The Idaho Supreme Court unanimously affirmed in part, reversed in part, and remanded. On the discovery question, the Court held that the district court did not abuse its discretion in striking the Hartmans’ expert witnesses. Under Quigley v. Kemp, 162 Idaho 408 (2017), the identity of a non-testifying local standard-of-care expert must be disclosed under Idaho Rule of Civil Procedure 26(b)(4)(A)(i) as part of the “basis and reasons” and “data or other information” underlying the testifying expert’s opinion. The Court rejected the Hartmans’ argument that disclosure was unnecessary because their experts “primarily” relied on the defendant’s deposition testimony rather than the local consultants—the rule draws no distinction between primary and secondary sources.

On causation, however, the Court reversed. The district court had required the Hartmans to prove that fentanyl molecules from the first patch remained in Mrs. Hartman’s body at the time of her death—effectively applying a but-for test. The Supreme Court held this was error. In a multiple-cause case, the correct inquiry is the substantial-factor test for actual causation and, for proximate causation, whether the defendant’s conduct created a foreseeable “general risk of harm,” not whether the specific pharmacokinetic mechanism was foreseeable. Relying on Orthman v. Idaho Power Co., 130 Idaho 597 (1997), the Court held that the correct question was whether dispensing a potent opioid to a patient already taking an antidepressant created a general risk of opioid-related harm—an issue for the jury.

Because the expert-striking sanction eliminated the malpractice claims against the emergency providers and the orthopedic surgeon, the causation reversal resulted only in remand of the claim against Portneuf Medical Center based on its pharmacist’s alleged negligence in dispensing the fentanyl patch. The Court also awarded partial attorney fees against the Hartmans, finding their appeal of the discovery sanction to be frivolous and without foundation.

Key Takeaways

  • Idaho medical malpractice plaintiffs must disclose the identity of every non-testifying local standard-of-care expert their testifying experts consult, regardless of whether that consultant was a “primary” or “secondary” source—failure to do so risks exclusion of the expert’s testimony under Rules 16(e), 26(b)(4), and 37(c).
  • In cases involving multiple potential causes, Idaho courts must apply the substantial-factor test for actual causation rather than the but-for test, and plaintiffs need only demonstrate a foreseeable general risk of harm for proximate causation—not the specific mechanism of injury.
  • Pursuing an appeal grounded in a misreading of settled precedent can result in an attorney fee award under Idaho Code § 12-121, even when the appellant prevails on other issues in the same case.

Why It Matters

This opinion reinforces the strict expert-disclosure regime that governs Idaho medical malpractice litigation.
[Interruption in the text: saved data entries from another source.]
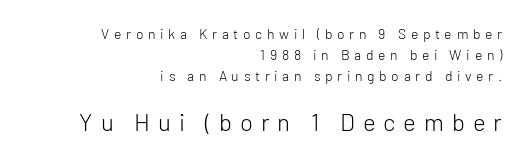
The image shows 24 px text type, upright; set right-aligned, normal line spacing (1.49x), unusually wide letter spacing (+0.33 em), not underlined; the second (bottom) block is 1.71x larger.
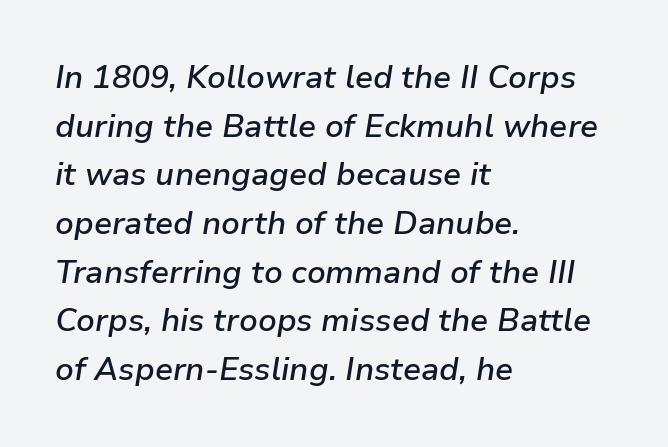
{"italic": "yes", "lean": "right", "slant_degrees": 9, "bold": "semi", "weight": "semibold", "width": "normal", "stroke_contrast": "low", "x_height": "medium", "monospaced": "no", "underline": "no", "align": "left", "line_spacing": "normal", "line_spacing_ratio": 1.52, "letter_spacing": "normal", "letter_spacing_em": 0.0, "glyph_px": 32}
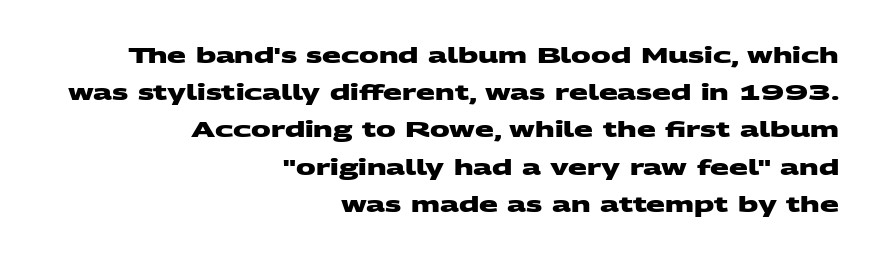
{"bold": "yes", "underline": "no", "align": "right", "line_spacing": "normal", "line_spacing_ratio": 1.69, "letter_spacing": "normal", "letter_spacing_em": 0.0, "glyph_px": 22}
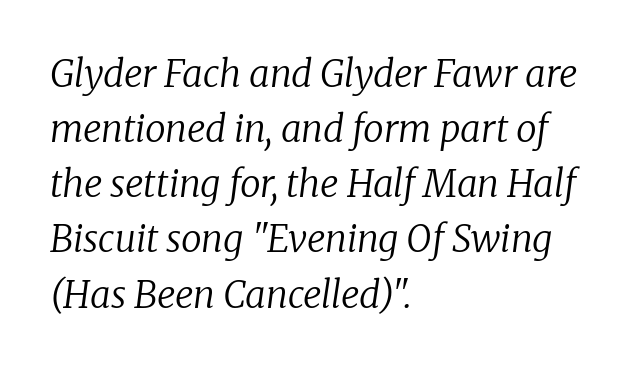
{"serif": "yes", "italic": "yes", "lean": "right", "slant_degrees": 8, "bold": "no", "weight": "regular", "width": "normal", "stroke_contrast": "low", "x_height": "medium", "monospaced": "no", "underline": "no", "align": "left", "line_spacing": "normal", "line_spacing_ratio": 1.49, "letter_spacing": "normal", "letter_spacing_em": 0.0, "glyph_px": 37}
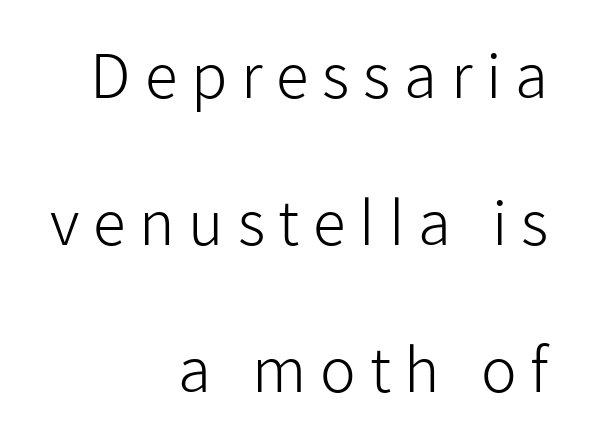
On a weight scale, this lands at 450 or below. Looks like regular typesetting: each glyph gets only the width it needs. Underline: absent. Spacing between characters has been opened up far beyond the box default. Unlike a traditional serif, this face leaves its strokes unadorned.
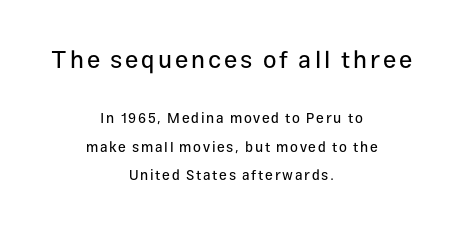
Q: Is the text italic (slanted)? A: No, it is upright.
Q: Is the text underlined? A: No.
Q: How is the paragraph aligned? A: Centered.
Q: Is the spacing between lines tight, normal or loose? A: Loose.
Q: Which block of text is set in a larger size, the first (top) or the second (bottom)? A: The first (top) one.
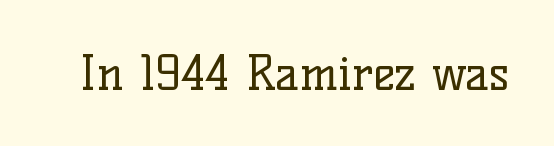
Q: Is the text bold? A: No.
Q: Is the text italic (slanted)? A: No, it is upright.
Q: Is the typeface a serif or a sans-serif typeface? A: Serif.
Q: Is the text underlined? A: No.
Q: Is the spacing between letters normal or unusually wide? A: Normal.
Q: Width (condensed, normal, or wide)? A: Normal.
Q: Stroke contrast? A: Low.
Q: x-height? A: Medium.
Q: Monospaced? A: No.
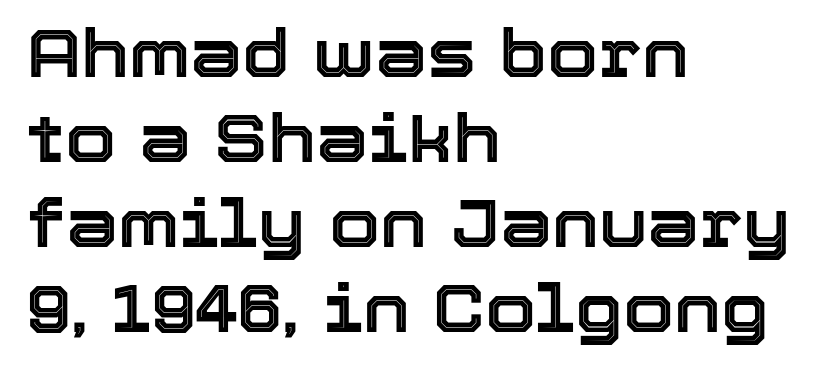
Q: Is the text italic (slanted)? A: No, it is upright.
Q: Is the text underlined? A: No.
Q: How is the paragraph aligned? A: Left-aligned.
Q: Is the spacing between letters normal or unusually wide? A: Normal.
Q: Is the spacing between lines tight, normal or loose? A: Normal.
Q: Width (condensed, normal, or wide)? A: Normal.
Q: x-height? A: Medium.
Q: Monospaced? A: No.

Practitioners relying on out-of-state experts should treat the identity of every local consultant as mandatory disclosure from the earliest expert-witness deadline, regardless of how tangential the consultant’s input may appear. The fear of local-physician retaliation—an argument the Hartmans raised—did not excuse non-disclosure, though the Court left open the possibility that a sufficiently supported protective-order motion might succeed in a future case.

At the same time, the causation holding is a significant win for plaintiffs in multi-provider malpractice cases. By reaffirming that foreseeability turns on the general risk of harm rather than the precise mechanism of injury, the Court prevented hospitals and emergency providers from escaping liability simply by showing that another provider’s later conduct was the more immediate cause of death. Idaho practitioners handling opioid-related malpractice claims should take note: the substantial-factor test preserves the plaintiff’s path to a jury when multiple providers each contributed to a patient’s cumulative drug exposure.